No entanto, a metáfora da intersubjetividade não se resume ao enredo. Afinal, Machado também teria se alimentado de outras vozes e romances, ao compor o seu: "Em vez de seguir direto para seu destino, o texto machadiano passeia, parando para reconhecer e dialogar com seus colegas e amigos literários" (DIXON, 2020, p. 27), de Luciano de Samósata a Laurence Sterne,passando por Erasmo de Roterdã e Miguel de Cervantes. "Dom Quixote é um livro de segundo grau, pois imita, satiricamente, um modelo de livro anterior, o gênero dos romances de cavalaria", enquanto "Quincas Borba se apresenta como um livro de terceiro grau, ao dar-nos a figura de um protagonista que imita Dom Quixote" (DIXON, 2020, p. 57).

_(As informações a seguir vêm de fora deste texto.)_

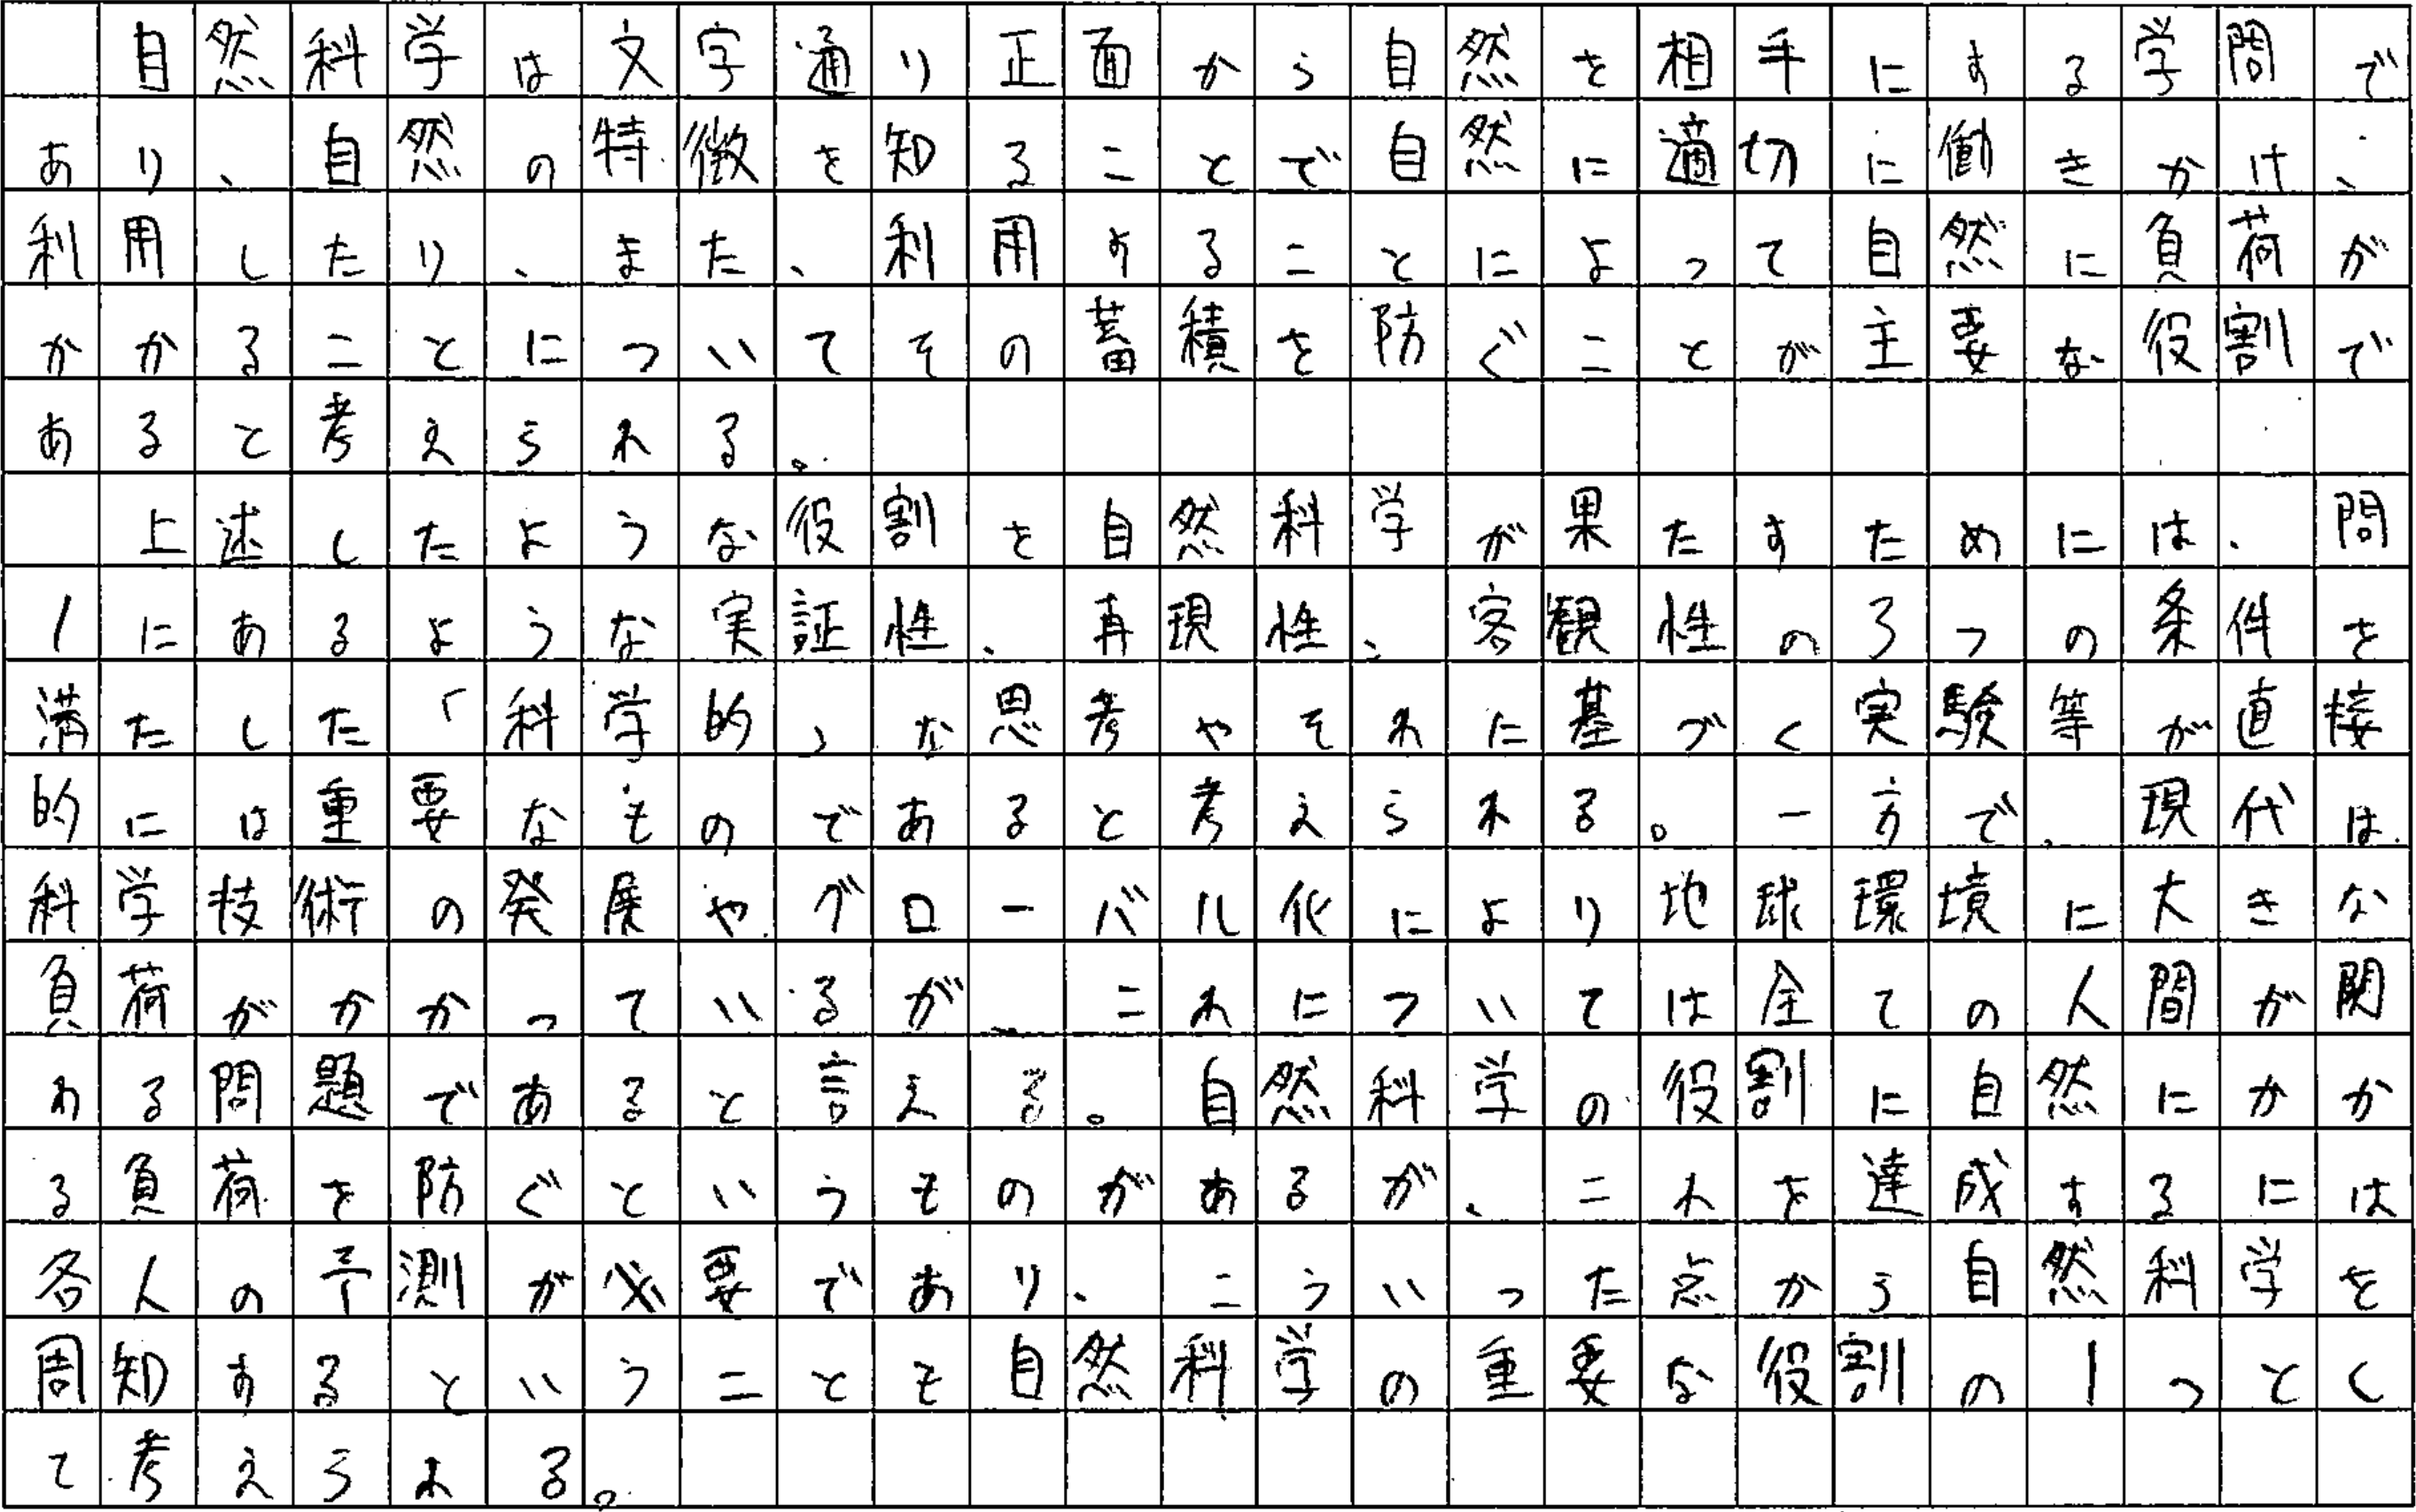自然科学は文字通り正面から自然を相手にする学問であり、自然の特徴を知ることで自然に適切に働きかけ、利用したり、また、利用することによって自然に負荷がかかることについてその蓄積を防ぐことが主要な役割であると考えられる。
　上述したような役割を自然科学が果たすためには、問１にあてはまるような実証性、再現性、客観性の３つの条件を満たした「科学的」な思考やそれに基づく実験等が直接的には重要なものであると考えられる。一方で、現代は科学技術の発展やグローバル化により地球環境に大きな負荷がかかっているが、これについてはすべての人間が関わる問題であると言える。自然科学の役割に自然にかかる負荷を防ぐというものがあるが、これを達成するには各人の予測が必要であり、こういった点から自然科学を周知するということも自然科学の重要な役割の１つとして考えられる。

Outro fator crucial, assinalado por Paul Dixon: a quase invisibilidade dos escravos em Quincas Borba. Num romance em que os objetos são estratégicos para a economia narrativa, há raras menções às pessoas escravizadas: "se por um lado os personagens do romance parecem estar muito atentos às influências desses elementos não humanos, tratando-os como se fossem gente, pelo outro lado há uma categoria de gente que recebe um tratamento menos que humano" (DIXON, 2020, p. 145, grifo do autor). Crueldade do narrador? Ênfase na sociabilidade dos homens livres? Denúncia da condição a que os escravos continuavam submetidos, durante o Segundo Império?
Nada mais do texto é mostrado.